=== Begin Enclosure ===

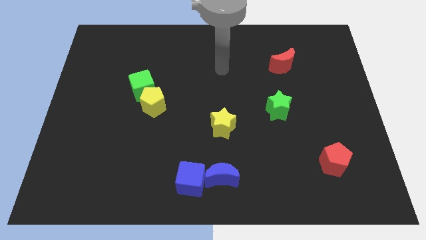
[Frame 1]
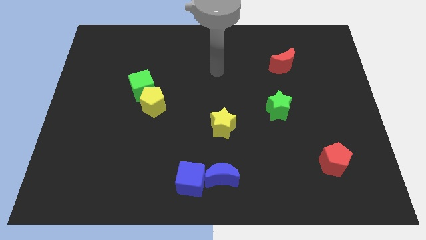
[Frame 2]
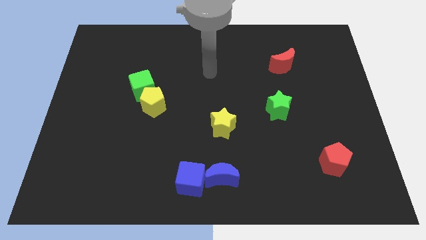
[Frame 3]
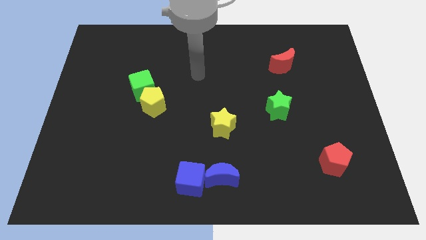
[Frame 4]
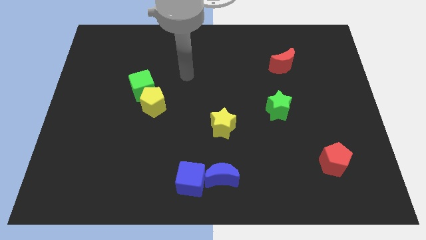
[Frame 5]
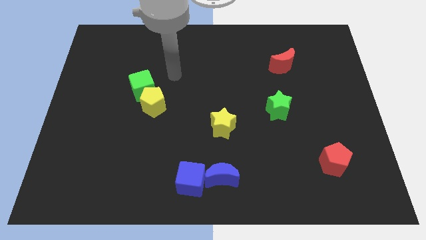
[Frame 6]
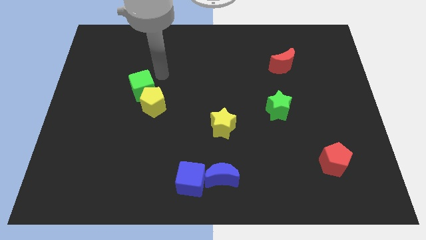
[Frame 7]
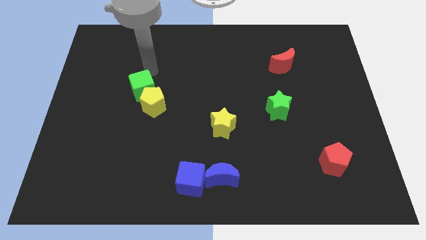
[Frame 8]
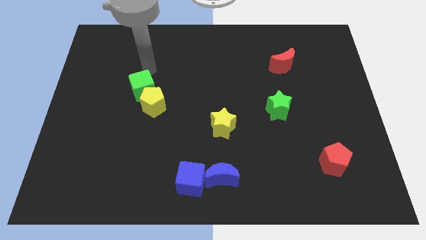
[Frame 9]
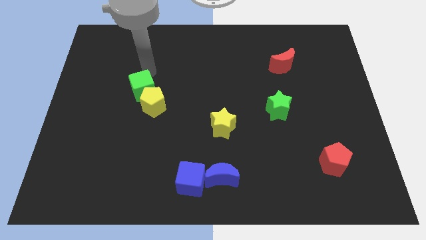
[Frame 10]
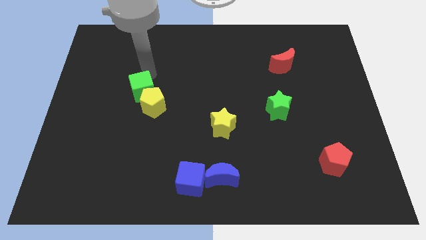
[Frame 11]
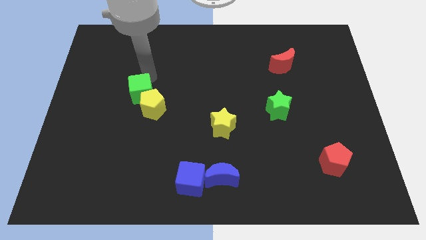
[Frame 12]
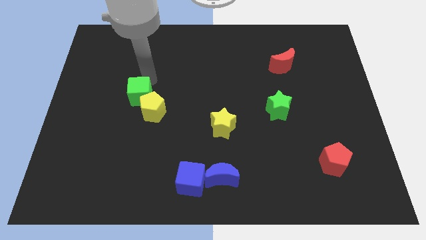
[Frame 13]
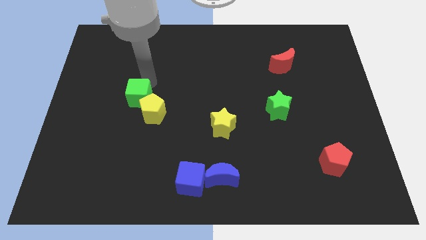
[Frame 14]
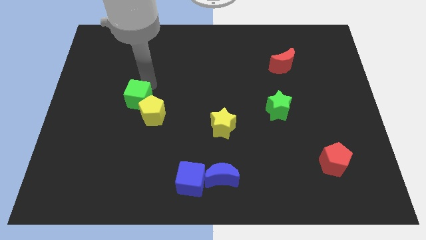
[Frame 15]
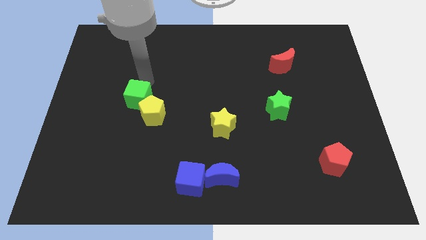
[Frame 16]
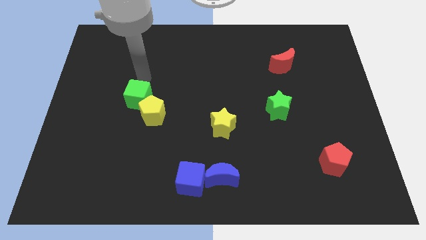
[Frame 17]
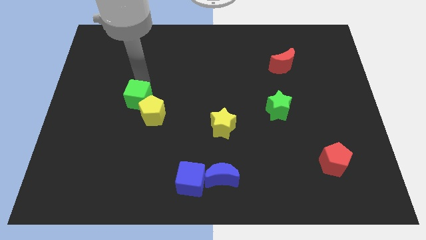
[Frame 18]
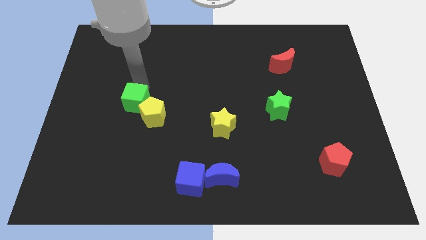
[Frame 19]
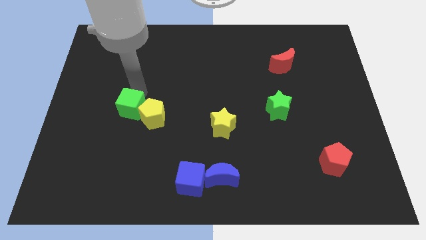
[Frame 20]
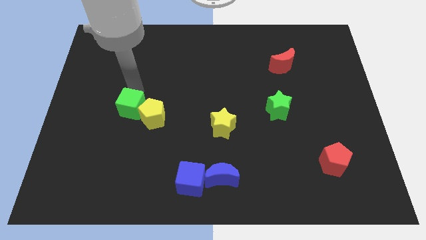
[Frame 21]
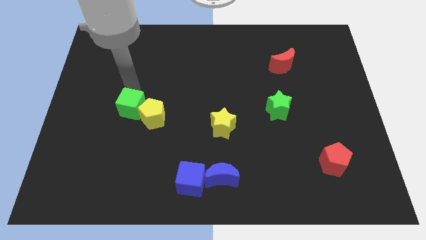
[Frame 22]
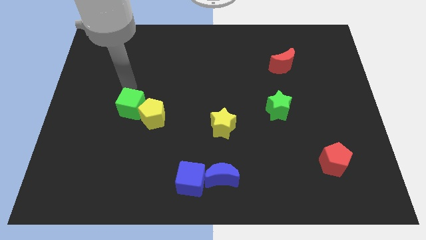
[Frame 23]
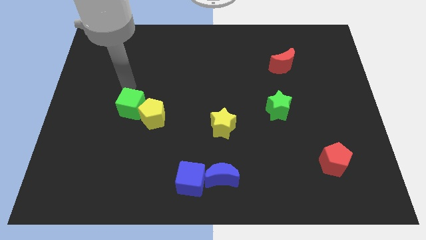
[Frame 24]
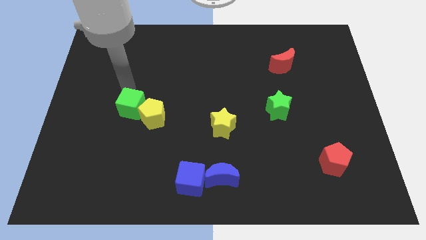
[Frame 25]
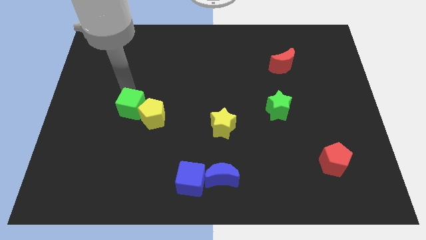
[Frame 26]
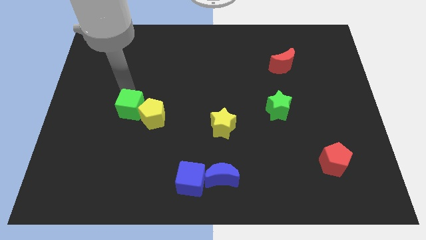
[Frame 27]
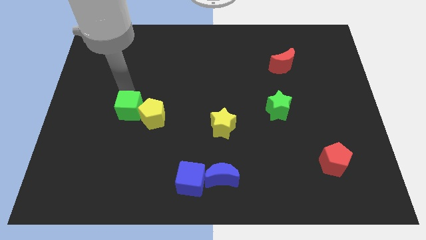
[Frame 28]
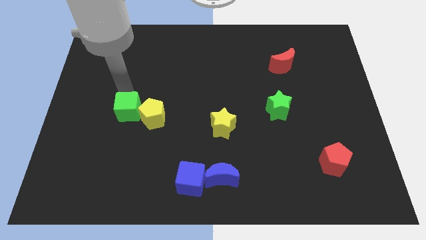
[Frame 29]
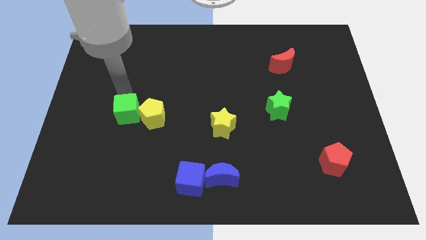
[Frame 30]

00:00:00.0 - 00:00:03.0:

=== End Enclosure ===

Exercise directions - Return the whole of the material above exactly, with no picture carried over.

Output -
[Frame 1]
[Frame 2]
[Frame 3]
[Frame 4]
[Frame 5]
[Frame 6]
[Frame 7]
[Frame 8]
[Frame 9]
[Frame 10]
[Frame 11]
[Frame 12]
[Frame 13]
[Frame 14]
[Frame 15]
[Frame 16]
[Frame 17]
[Frame 18]
[Frame 19]
[Frame 20]
[Frame 21]
[Frame 22]
[Frame 23]
[Frame 24]
[Frame 25]
[Frame 26]
[Frame 27]
[Frame 28]
[Frame 29]
[Frame 30]

00:00:00.0 - 00:00:03.0:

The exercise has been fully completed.